[英]Find matching substrings in two lists
I have two lists: A and B. List lengths are not the same and they both contain strings. 我有两个列表:A和B。列表长度不同,并且都包含字符串。 What is the best way to match substrings in both the lists?
在两个列表中匹配子字符串的最佳方法是什么?
list_A = ['hello','there','you','are']
list_B = ['say_hellaa','therefore','foursquare']
I would like a list of matching substrings called list_C which contains: 我想要一个名为list_C的匹配子字符串的列表,其中包含:
list_C = ['hell','there','are']
I came across this answer, but it requires me to have a list of matching substrings. 我遇到了这个答案,但它要求我有一个匹配子字符串的列表。 Is there a way I can get what I want without manually creating a list of matching substrings?
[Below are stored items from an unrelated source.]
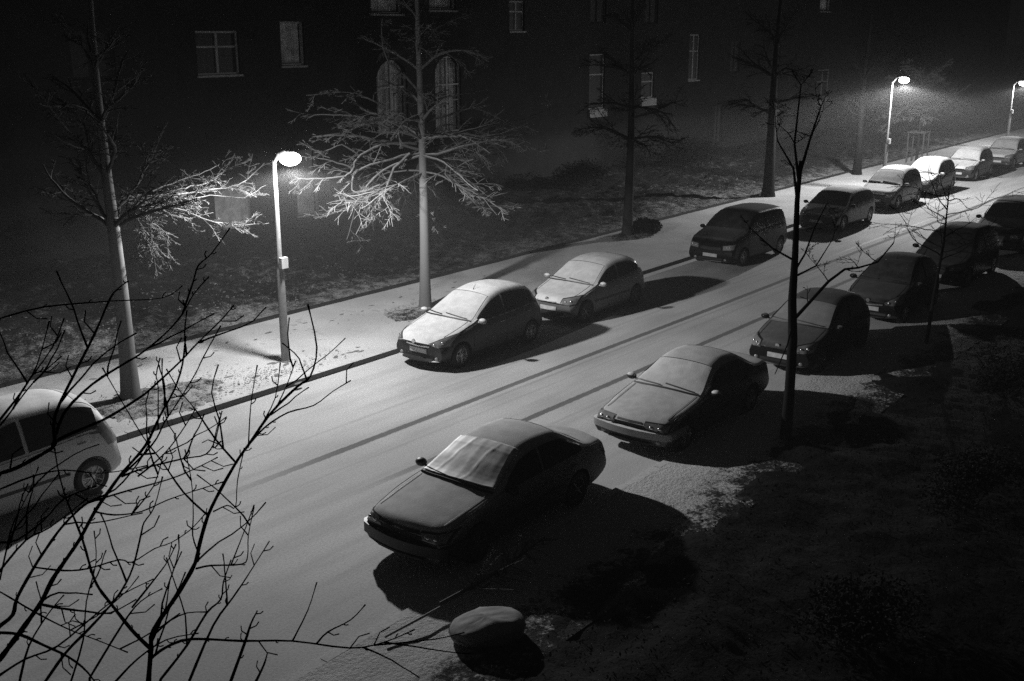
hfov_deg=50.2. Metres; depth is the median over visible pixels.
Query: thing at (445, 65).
window
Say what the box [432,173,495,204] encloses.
shrub
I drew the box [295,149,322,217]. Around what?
window
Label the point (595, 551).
soil strip
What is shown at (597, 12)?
window
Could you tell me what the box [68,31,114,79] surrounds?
window
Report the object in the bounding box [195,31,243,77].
window
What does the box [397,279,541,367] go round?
parked car
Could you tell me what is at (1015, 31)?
sky
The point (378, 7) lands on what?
window
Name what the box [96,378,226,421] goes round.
tree pit soil
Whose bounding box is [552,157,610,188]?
shrub
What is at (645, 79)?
window
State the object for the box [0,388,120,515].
parked car
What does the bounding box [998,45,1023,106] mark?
ground
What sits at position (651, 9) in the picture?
window
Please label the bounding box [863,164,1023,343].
street tree
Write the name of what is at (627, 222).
street tree
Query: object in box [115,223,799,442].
kerb
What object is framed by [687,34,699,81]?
window
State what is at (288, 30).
window
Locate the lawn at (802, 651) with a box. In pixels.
[505,293,1023,680]
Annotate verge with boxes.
[0,104,1023,382]
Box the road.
[0,163,1023,680]
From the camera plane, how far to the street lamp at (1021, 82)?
71.94 m
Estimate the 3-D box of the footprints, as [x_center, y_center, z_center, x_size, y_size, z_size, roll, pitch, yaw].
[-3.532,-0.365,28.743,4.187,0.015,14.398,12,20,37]
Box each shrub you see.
[133,220,231,259]
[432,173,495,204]
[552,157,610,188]
[633,217,662,233]
[778,120,838,152]
[789,572,933,663]
[915,442,1023,520]
[973,342,1023,398]
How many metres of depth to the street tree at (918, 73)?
63.52 m
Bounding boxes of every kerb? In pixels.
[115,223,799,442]
[282,254,1023,680]
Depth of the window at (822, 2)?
81.12 m
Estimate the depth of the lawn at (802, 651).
15.91 m
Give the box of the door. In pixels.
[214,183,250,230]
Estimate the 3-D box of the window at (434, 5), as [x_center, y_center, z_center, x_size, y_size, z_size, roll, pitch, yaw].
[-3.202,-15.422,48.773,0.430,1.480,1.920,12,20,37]
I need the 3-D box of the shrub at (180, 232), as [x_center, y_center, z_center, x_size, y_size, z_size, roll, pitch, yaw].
[-11.154,-3.460,37.422,1.701,1.370,3.814,12,20,37]
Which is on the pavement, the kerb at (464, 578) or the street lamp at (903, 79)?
the street lamp at (903, 79)
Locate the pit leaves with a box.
[84,298,439,422]
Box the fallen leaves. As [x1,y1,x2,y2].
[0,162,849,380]
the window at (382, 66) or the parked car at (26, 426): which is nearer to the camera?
the parked car at (26, 426)
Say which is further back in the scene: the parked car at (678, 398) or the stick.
the parked car at (678, 398)
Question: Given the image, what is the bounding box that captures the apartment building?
[0,0,1010,270]
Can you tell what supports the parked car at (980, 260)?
on the road
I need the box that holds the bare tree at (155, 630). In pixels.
[0,228,469,680]
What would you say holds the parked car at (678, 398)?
on the road
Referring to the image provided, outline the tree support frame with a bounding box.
[905,130,930,162]
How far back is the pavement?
28.58 m
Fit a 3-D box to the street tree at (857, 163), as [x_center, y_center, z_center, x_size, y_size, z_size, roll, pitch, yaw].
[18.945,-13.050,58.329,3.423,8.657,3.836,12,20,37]
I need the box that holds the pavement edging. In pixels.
[0,127,1023,387]
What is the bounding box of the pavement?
[0,128,1023,433]
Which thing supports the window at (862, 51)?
in the apartment building
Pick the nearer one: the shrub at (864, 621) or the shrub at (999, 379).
the shrub at (864, 621)
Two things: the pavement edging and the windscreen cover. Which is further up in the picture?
the pavement edging
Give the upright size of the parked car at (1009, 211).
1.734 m
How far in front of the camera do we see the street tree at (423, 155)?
28.98 m
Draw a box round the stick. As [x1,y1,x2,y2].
[384,558,521,637]
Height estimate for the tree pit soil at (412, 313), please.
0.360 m
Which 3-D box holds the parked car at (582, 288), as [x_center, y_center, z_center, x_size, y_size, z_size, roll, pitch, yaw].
[2.125,-1.595,30.841,2.091,1.474,3.979,12,20,37]
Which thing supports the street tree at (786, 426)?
on the soil strip
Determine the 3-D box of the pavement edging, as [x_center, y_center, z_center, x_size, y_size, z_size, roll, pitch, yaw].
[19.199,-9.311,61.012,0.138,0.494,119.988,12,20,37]
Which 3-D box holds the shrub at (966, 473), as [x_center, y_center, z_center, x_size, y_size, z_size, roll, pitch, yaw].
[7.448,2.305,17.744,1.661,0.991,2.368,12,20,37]
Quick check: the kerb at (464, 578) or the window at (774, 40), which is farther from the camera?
the window at (774, 40)
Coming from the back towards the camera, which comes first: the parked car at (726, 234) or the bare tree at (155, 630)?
the parked car at (726, 234)
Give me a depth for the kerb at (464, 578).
17.74 m
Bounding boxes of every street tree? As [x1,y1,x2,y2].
[17,0,278,399]
[285,0,557,307]
[572,0,687,235]
[716,0,831,196]
[740,68,901,440]
[833,11,900,174]
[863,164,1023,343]
[877,58,973,161]
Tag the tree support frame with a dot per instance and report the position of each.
(921, 132)
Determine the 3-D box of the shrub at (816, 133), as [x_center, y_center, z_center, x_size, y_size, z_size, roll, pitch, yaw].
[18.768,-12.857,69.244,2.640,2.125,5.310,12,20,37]
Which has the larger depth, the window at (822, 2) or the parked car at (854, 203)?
the window at (822, 2)
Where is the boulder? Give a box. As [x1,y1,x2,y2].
[449,606,525,647]
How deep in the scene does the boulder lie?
13.83 m
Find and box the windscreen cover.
[424,435,517,488]
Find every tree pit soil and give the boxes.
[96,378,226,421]
[383,306,433,321]
[607,232,653,239]
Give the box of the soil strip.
[295,255,1023,680]
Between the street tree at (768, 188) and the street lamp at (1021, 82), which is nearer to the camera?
the street tree at (768, 188)
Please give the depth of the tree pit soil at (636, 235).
41.16 m
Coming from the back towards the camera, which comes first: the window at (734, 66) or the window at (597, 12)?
the window at (734, 66)
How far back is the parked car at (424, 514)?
16.65 m
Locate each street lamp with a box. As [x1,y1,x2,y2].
[272,149,300,362]
[883,76,909,166]
[1006,80,1023,135]
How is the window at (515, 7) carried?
in the apartment building
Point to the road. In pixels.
(326, 475)
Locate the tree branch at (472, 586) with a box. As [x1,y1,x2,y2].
[439,528,555,605]
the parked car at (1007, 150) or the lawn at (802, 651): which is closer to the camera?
the lawn at (802, 651)
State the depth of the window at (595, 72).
59.42 m
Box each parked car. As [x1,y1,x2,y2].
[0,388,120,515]
[364,418,605,563]
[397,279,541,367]
[532,252,644,322]
[594,345,768,450]
[689,203,786,266]
[749,287,869,371]
[799,185,874,231]
[848,251,939,323]
[863,165,921,209]
[911,156,955,196]
[912,221,999,287]
[947,145,992,180]
[976,195,1023,253]
[989,136,1023,168]
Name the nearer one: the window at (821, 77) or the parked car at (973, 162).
the parked car at (973, 162)
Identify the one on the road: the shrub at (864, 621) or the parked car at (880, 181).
the parked car at (880, 181)
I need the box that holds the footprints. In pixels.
[92,273,503,392]
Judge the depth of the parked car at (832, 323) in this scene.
25.71 m
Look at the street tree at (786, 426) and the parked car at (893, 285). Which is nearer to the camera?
the street tree at (786, 426)
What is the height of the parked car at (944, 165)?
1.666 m
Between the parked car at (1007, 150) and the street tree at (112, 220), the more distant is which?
the parked car at (1007, 150)
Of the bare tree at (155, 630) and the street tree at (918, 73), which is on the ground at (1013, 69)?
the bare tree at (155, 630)
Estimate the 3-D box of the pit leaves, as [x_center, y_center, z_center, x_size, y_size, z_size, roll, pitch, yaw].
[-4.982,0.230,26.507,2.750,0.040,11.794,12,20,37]
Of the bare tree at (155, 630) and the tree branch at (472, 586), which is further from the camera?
the tree branch at (472, 586)
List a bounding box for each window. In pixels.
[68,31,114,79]
[96,183,134,233]
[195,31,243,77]
[280,22,307,67]
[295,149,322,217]
[370,0,404,15]
[376,60,406,134]
[428,0,457,11]
[435,56,460,132]
[509,1,526,32]
[587,54,606,117]
[590,0,604,22]
[640,72,656,105]
[645,0,656,23]
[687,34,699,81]
[714,105,721,142]
[730,41,739,72]
[770,40,779,69]
[815,69,828,103]
[819,0,830,12]
[858,36,867,64]
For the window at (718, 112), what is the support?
in the apartment building
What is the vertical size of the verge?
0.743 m
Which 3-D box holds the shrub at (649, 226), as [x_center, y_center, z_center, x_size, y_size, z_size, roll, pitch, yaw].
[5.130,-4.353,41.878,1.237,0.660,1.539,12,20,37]
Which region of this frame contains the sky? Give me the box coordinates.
[1006,0,1023,44]
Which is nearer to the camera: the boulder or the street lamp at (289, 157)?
the boulder
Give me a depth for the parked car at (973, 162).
57.98 m
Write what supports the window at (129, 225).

有没有一种方法可以无需手动创建匹配子字符串列表就可以得到想要的?
This also does not help me cause the second list contains substrings. 这也无济于事,因为第二个列表包含子字符串。
Since you tag pandas
solution from str.contains
由于您从
str.contains
标记了pandas
解决方案
#S_A=pd.Series(list_A)
#S_B=pd.Series(list_B)
S_B[S_B.apply(lambda x : S_A.str.contains(x)).any(1)]
Out[441]:
0 hell
2 here
dtype: object
This is one approach. 这是一种方法。 Using a
list comprehension
. 使用
list comprehension
。
list_A = ['hello','there','you','are']
list_B = ['hell','is','here']
jVal = "|".join(list_A) # hello|there|you|are
print([i for i in list_B if i in jVal ])
Output: 输出:
['hell', 'here']
IIUC: I'd use Numpy IIUC:我会用Numpy
import numpy as np
from numpy.core.defchararray import find
a = np.array(['hello', 'there', 'you', 'are', 'up', 'date'])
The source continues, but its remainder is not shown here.